SUPPLIED RECORDS ::
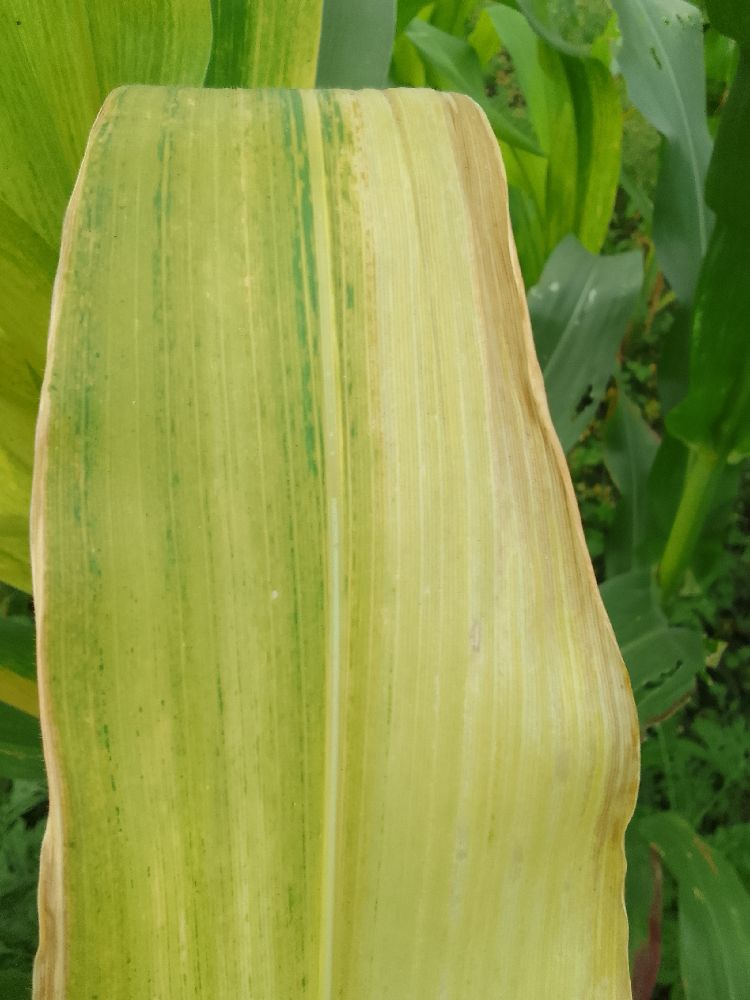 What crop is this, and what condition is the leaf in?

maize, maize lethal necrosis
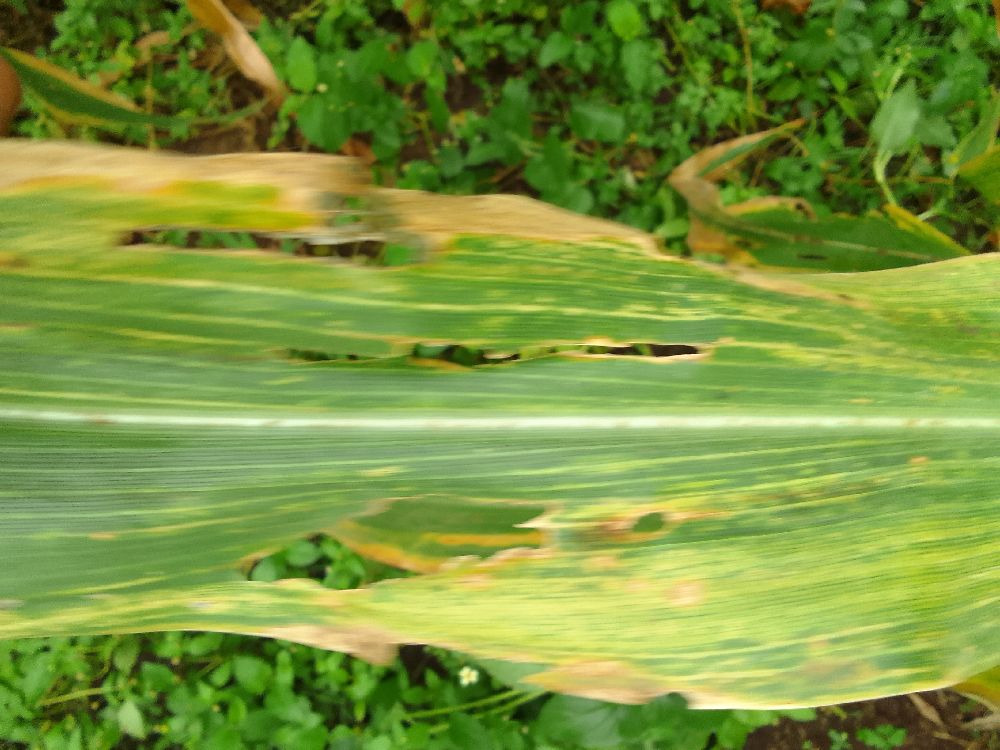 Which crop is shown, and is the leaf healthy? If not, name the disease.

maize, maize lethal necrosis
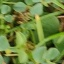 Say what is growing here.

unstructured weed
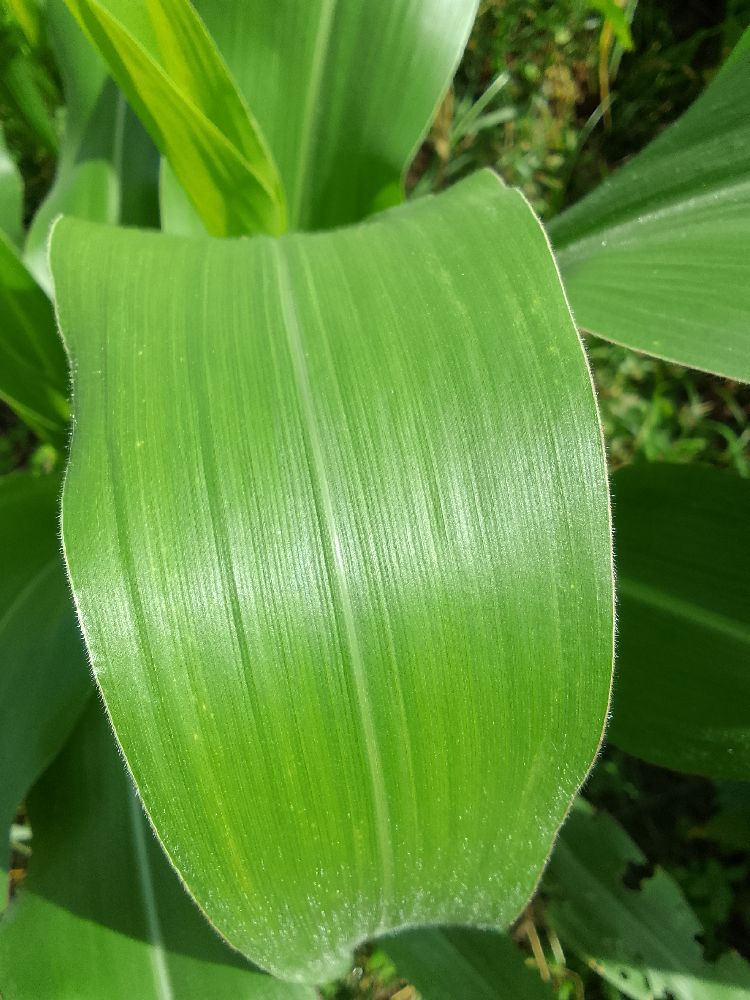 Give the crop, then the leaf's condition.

==

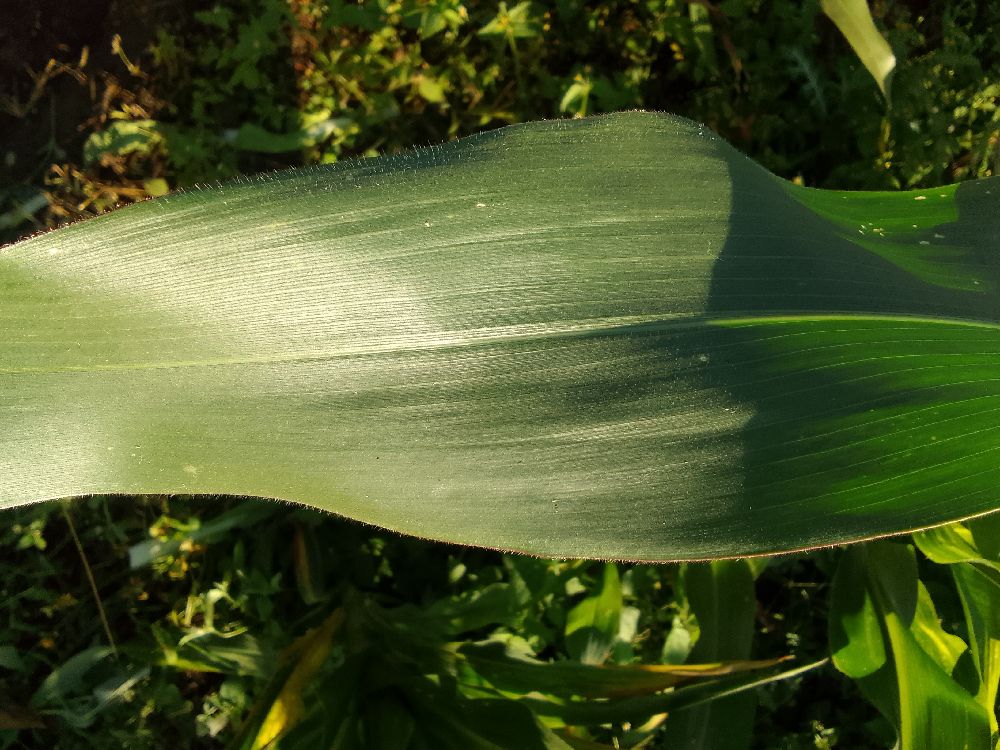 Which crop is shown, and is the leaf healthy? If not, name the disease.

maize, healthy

* * *

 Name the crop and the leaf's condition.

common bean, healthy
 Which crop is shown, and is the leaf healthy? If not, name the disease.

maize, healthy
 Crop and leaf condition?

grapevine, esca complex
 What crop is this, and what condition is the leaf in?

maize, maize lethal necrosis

ASSIGNMENT ::
In the data above, the stretch from the line with "Say what is growing here." through the line with "Give the crop, then the leaf's condition." is to be returned exactly, minus any pictures.

OUTPUT ::
 Say what is growing here.

unstructured weed
 Give the crop, then the leaf's condition.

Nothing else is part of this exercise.